By Hunter Ford
You can read this and more of Hunter’s writings at his new blog Alagonzo.
Last year Alabama football fanatics lost their collective minds when more than 92,000 of them showed up for a spring football game in Tuscaloosa.
The Crimson Nation was euphoric over the arrival of a real football coach (Nick Saban)- the first it had seen since Gene Stallings retired in 1996.
The giddiness of the fans was repaid with a 7-6 season, a sixth consecutive loss to Auburn and a trip to sunny Shreveport for the Independence Bowl.
The lasting impact of the huge spring game crowd was that some marketing firm in New York is trying to capitalize on the passion for college football.
This year, Alabama, along with 19 other football-crazy universities, will participate in something called The Gridiron Bash.
The idea is to sell tickets to a Friday night concert and pep rally before the spring game on Saturday.
Each school that participates will be in a contest to see if it can produce the biggest fan response. The winner of the contest will get $1 million for its general scholarship fund.
It’s not a bad idea. But it has some serious flaws, and it doesn’t go far enough.
For starters, it’s mostly for the commercial benefit of the promoter, MSL Sports. Secondly, there is unfairness in the system of gauging crowds at the concerts.
Country music superstar Alan Jackson will perform the concert in Tuscaloosa. Jackson is a good fit for the Alabama fan base, but there are other schools that will be getting musical acts I would much rather see, and some schools getting musical acts I have never heard of or wouldn’t go to see if you paid me.
For instance, Iowa fans will be subjected to Kelly Clarkson. In South Carolina, Gamecock fans will get to rock with The Black Crows, and in College Station, TX, Aggie fans will get to roll with ZZ Top.
It’s not an even playing field if one school gets an American Idol reject and another school gets a Led Zeppelin reunion.
Trying to put some spice in the spring football experience is great. But concerts and flim-flam promotions cannot make up for the fact that spring football scrimmages are boring.
What college football fans really need this time of year is to see some real games.
Forget the yodeling country crooners, the whining alternative rockers and the posing American Idol wannabes. Give me some honest-to-God REAL football.
Instead of a vanilla intra-squad scrimmage, I would like to see each major university play a spring game against an intersectional opponent.
Put the games on TV over a two-week period and call it Spring Football Fest or something.
Schools could enter into two-year home and home contracts or they could agree on some reasonable neutral site game.
Alabama has done this for regular season games with Florida State last year in Jacksonville and with a game scheduled with Clemson this year at the Georgia Dome.

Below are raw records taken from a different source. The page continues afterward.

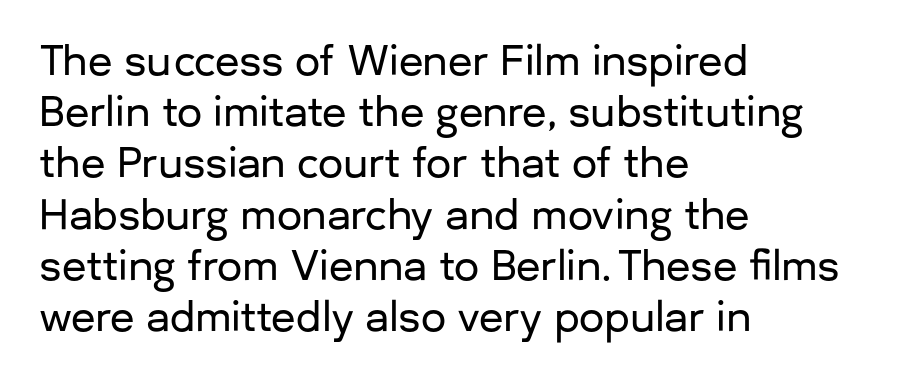
{"serif": "no", "italic": "no", "width": "normal", "stroke_contrast": "low", "x_height": "medium", "monospaced": "no", "underline": "no", "align": "left", "line_spacing": "normal", "line_spacing_ratio": 1.28, "letter_spacing": "normal", "letter_spacing_em": 0.0, "glyph_px": 40}
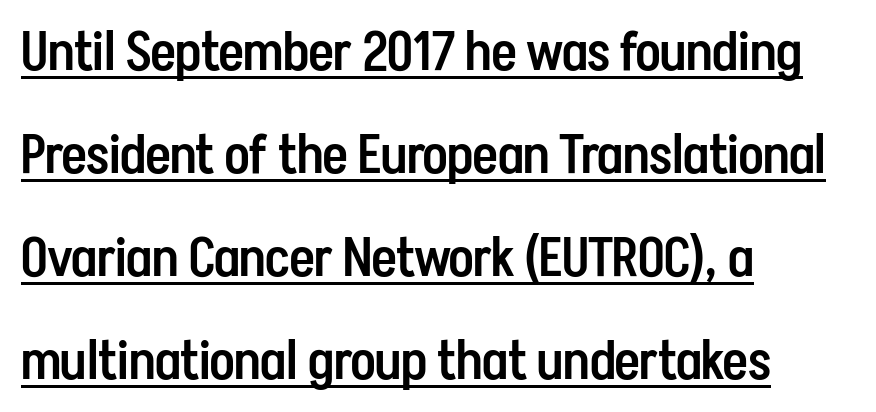
It's the straight-up-and-down kind of type. The face used here is rendered with its standard letterfit. Note the varied advance widths — an 'i' is clearly narrower than an 'm'. This sample carries an underscore along the baseline area. This rendering employs a face without finishing strokes, i.e., a sans-serif.
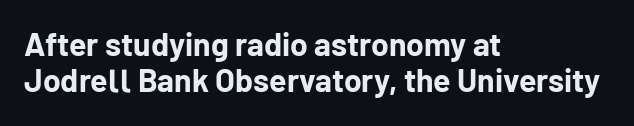
The image shows 32 px bold sans-serif type, upright; set left-aligned, tight line spacing (1.12x), normal letter spacing, not underlined; low stroke contrast and a medium x-height.
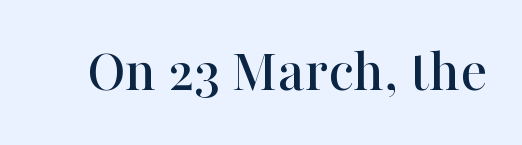
Between one letter and the next there's only the usual sliver of space. Style check: upright. What kind of face is this? One with serifs. Each letter keeps its own natural width here, so spacing adapts to shape. Descenders hang freely into open space.

Can you imagine how popular these types of spring games would be with shaking, cold-sweating, feverishly withdrawing college football fans?
Sometime between late March and mid April, rabid college football fans could be treated to an Easter basket full of actual college games.
You could turn on your TV set Friday night and watch Florida State vs. USC.
On Saturday morning you could watch LSU vs. Penn State followed by an afternoon tussle between Auburn and Texas and culminating with a nightcap of Alabama vs. Notre Dame. The possibilities are gloriously endless.
If fans really want to see how the third string quarterback handles throwing against zone coverage, there could be rules set up to ensure each team plays at least three different players at each position. Other than that, all regular rules of the game would apply.
The games would not count for anything other than pride and bragging rights. Would that not be a “real” breath of fresh spring air? Oh, I guess promoters could still have fan contests and sell tickets to concerts.